The Aussie was barely changed at US$0.7612. A rise above its 10-week peak of US$0.7676 touched on July 15 would push it to its highest level since early May.

"The Aussie is still getting a lot of favourable support against most major currencies due to rising risk appetite and the country's triple A credit rating," said Stephen Innes, senior currency trader at Oanda Australia and Asia Pacific.

Despite last week's interest rate cut by the Reserve Bank of Australia (RBA) to a record low 1.5 per cent, the currency still offers yields that are among the highest compared to other developed countries.

While the Aussie, seen as a proxy for China plays, did not move on Chinese July trade data issued on Monday, some traders saw as encouraging how iron ore imports rose 8.3 per cent from the previous month, to its second-highest on record. China is Australia's largest trading partner.

Analysts say any further upside for the Aussie is likely to be limited with the futures market pricing in an even chance of another quarter point cut by Christmas.

The New Zealand dollar slipped 0.3 per cent to US$0.7116 on Monday, as the greenback was boosted by strong US jobs figures that increased the probability of a Federal Reserve interest rate hike this year.

The Reserve Bank of New Zealand is widely expected to cut its rates at a policy meeting on Thursday, though the currency has proved resilient to easier policy.

"The market already fully prices a 25 basis point (cash rate) cut this week and almost 40 basis points of further cuts beyond that." said BNZ senior market strategist Kymberly Martin.
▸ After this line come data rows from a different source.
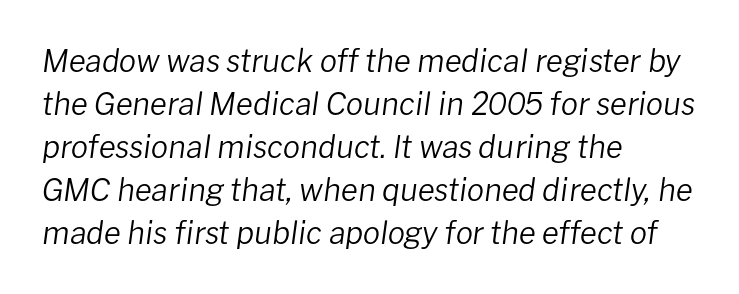
Q: Is the text bold? A: No.
Q: Is the text italic (slanted)? A: Yes, it leans right by about 8 degrees.
Q: Is the text underlined? A: No.
Q: How is the paragraph aligned? A: Left-aligned.
Q: Is the spacing between letters normal or unusually wide? A: Normal.
Q: Is the spacing between lines tight, normal or loose? A: Normal.
Q: Width (condensed, normal, or wide)? A: Normal.
Q: Stroke contrast? A: Low.
Q: x-height? A: Medium.
Q: Monospaced? A: No.
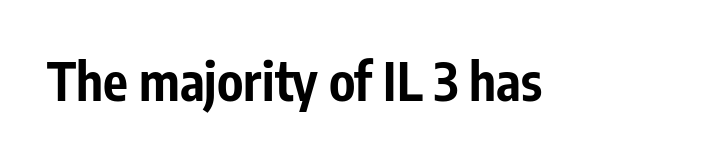
{"serif": "no", "italic": "no", "bold": "yes", "weight": "bold", "width": "condensed", "stroke_contrast": "low", "x_height": "medium", "monospaced": "no", "underline": "no", "letter_spacing": "normal", "letter_spacing_em": 0.0, "glyph_px": 52}
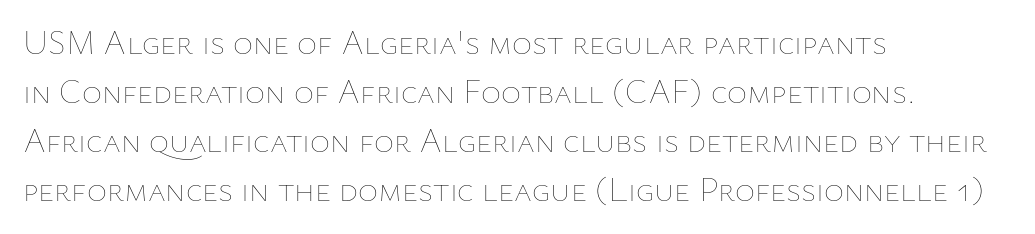
The image shows 34 px thin type, upright; set left-aligned, normal line spacing (1.44x), normal letter spacing, not underlined; low stroke contrast and a medium x-height.
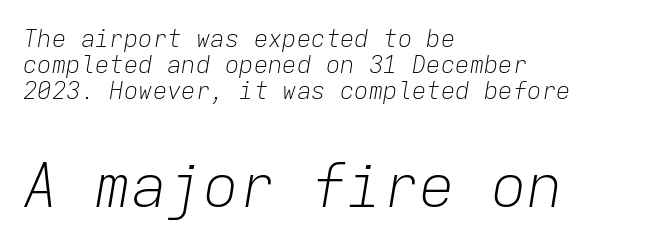
Note the uniform advance width — an 'i' takes as much space as an 'm'. Line starts are locked; line ends wander. You get the small type first, then a jump to larger type. Honestly, the rows look squashed on top of each other. The letters sit at their default tracking, neither squeezed nor spread. A light-to-regular cut is what we see here.
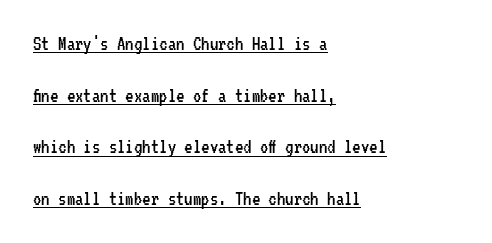
{"italic": "no", "bold": "no", "underline": "yes", "align": "left", "line_spacing": "loose", "line_spacing_ratio": 2.46, "letter_spacing": "normal", "letter_spacing_em": 0.0, "glyph_px": 21}
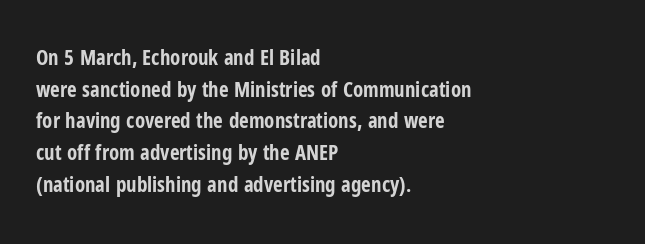
Q: Is the text bold? A: Yes.
Q: Is the text italic (slanted)? A: No, it is upright.
Q: Is the text underlined? A: No.
Q: How is the paragraph aligned? A: Left-aligned.
Q: Is the spacing between letters normal or unusually wide? A: Normal.
Q: Is the spacing between lines tight, normal or loose? A: Normal.
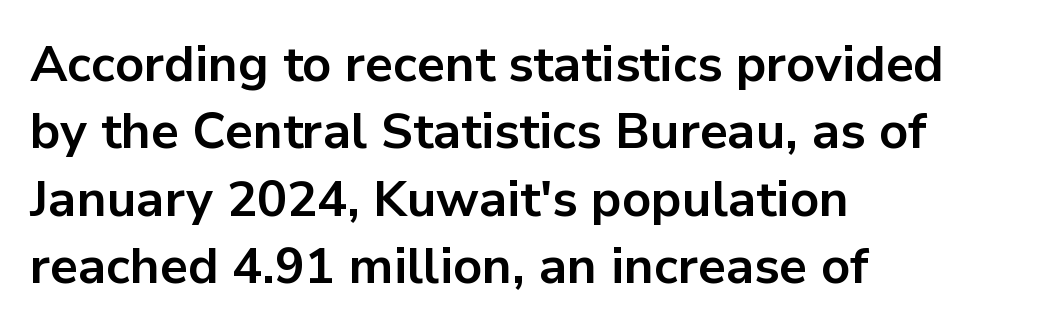
Q: Is the text bold? A: Yes.
Q: Is the text italic (slanted)? A: No, it is upright.
Q: Is the typeface a serif or a sans-serif typeface? A: Sans-serif.
Q: Is the text underlined? A: No.
Q: How is the paragraph aligned? A: Left-aligned.
Q: Is the spacing between letters normal or unusually wide? A: Normal.
Q: Is the spacing between lines tight, normal or loose? A: Normal.
Q: Width (condensed, normal, or wide)? A: Normal.
Q: Stroke contrast? A: Low.
Q: x-height? A: Medium.
Q: Monospaced? A: No.
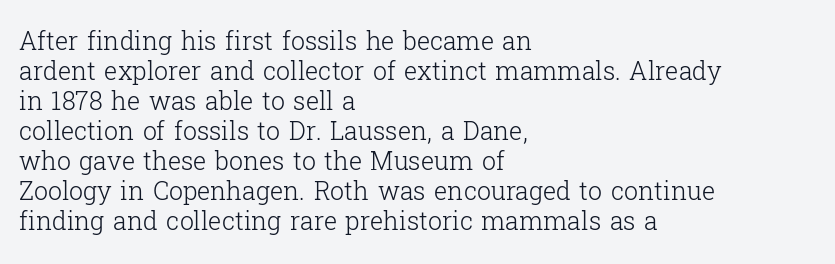
Q: Is the text bold? A: No.
Q: Is the text italic (slanted)? A: No, it is upright.
Q: Is the text underlined? A: No.
Q: How is the paragraph aligned? A: Left-aligned.
Q: Is the spacing between letters normal or unusually wide? A: Normal.
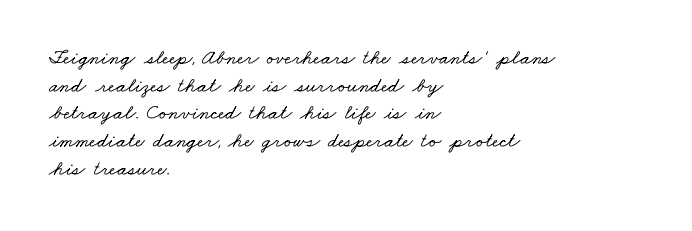
{"underline": "no", "align": "left", "line_spacing": "normal", "line_spacing_ratio": 1.32, "letter_spacing": "normal", "letter_spacing_em": 0.0, "glyph_px": 21}
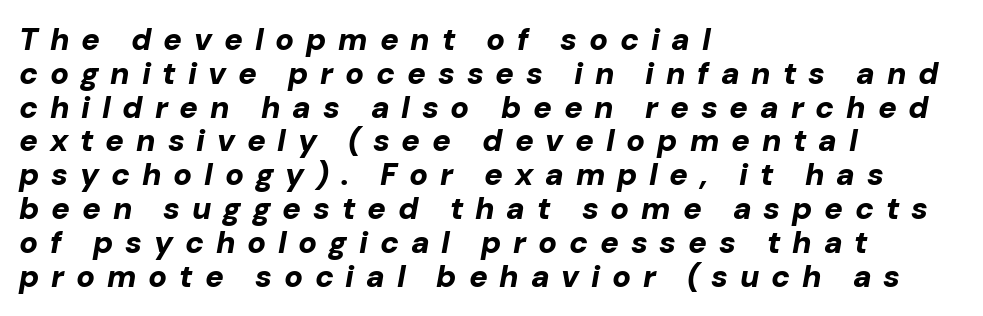
Slant detected: the letters are inclined. The space directly below the letters is spotless. The rendering uses natural spacing where letterforms have individual widths. These lines carry a lot of weight — the face is fully bold. Where is the straight margin? On the left. The passage shown stacks its lines with hardly any gap.
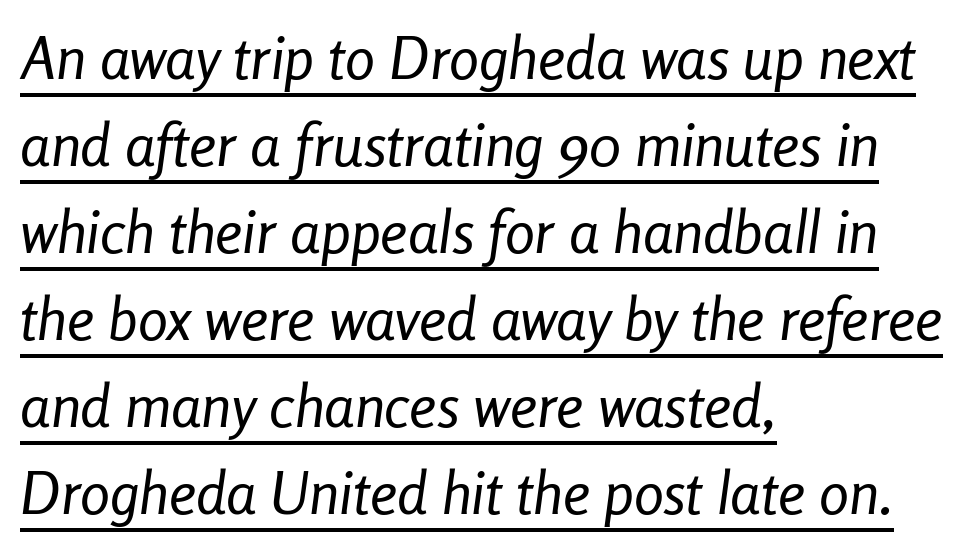
Q: Is the text bold? A: No.
Q: Is the text italic (slanted)? A: Yes, it leans right by about 8 degrees.
Q: Is the text underlined? A: Yes.
Q: How is the paragraph aligned? A: Left-aligned.
Q: Is the spacing between letters normal or unusually wide? A: Normal.
Q: Is the spacing between lines tight, normal or loose? A: Normal.
Q: Width (condensed, normal, or wide)? A: Condensed.
Q: Stroke contrast? A: Low.
Q: x-height? A: Medium.
Q: Monospaced? A: No.
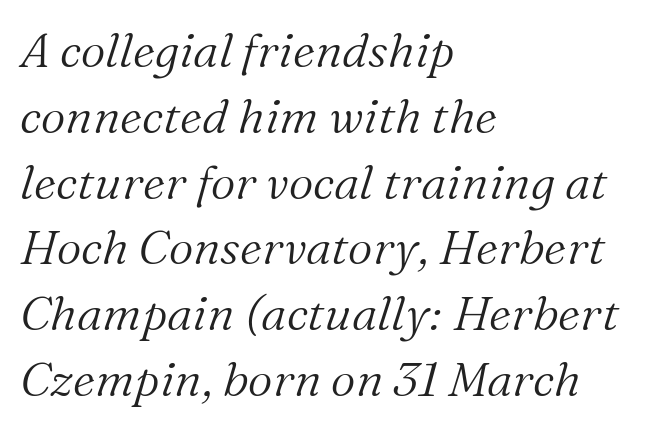
Q: Is the text bold? A: No.
Q: Is the text italic (slanted)? A: Yes, it leans right by about 16 degrees.
Q: Is the typeface a serif or a sans-serif typeface? A: Serif.
Q: Is the text underlined? A: No.
Q: How is the paragraph aligned? A: Left-aligned.
Q: Is the spacing between letters normal or unusually wide? A: Normal.
Q: Is the spacing between lines tight, normal or loose? A: Normal.
Q: Width (condensed, normal, or wide)? A: Normal.
Q: Stroke contrast? A: Medium.
Q: x-height? A: Medium.
Q: Monospaced? A: No.

"If the RBNZ does not indicate at least this much easing is to come, the risk is we see the NZD bounce."

New Zealand government bond prices slipped, sending yields 2 basis points higher at the long end of the curve.

Australian government bond futures fell, with the three-year bond contract down 3 ticks at 98.58. The 10-year contract slipped 8.5 ticks to 98.03, in line with losses in US Treasuries following the upbeat payrolls report.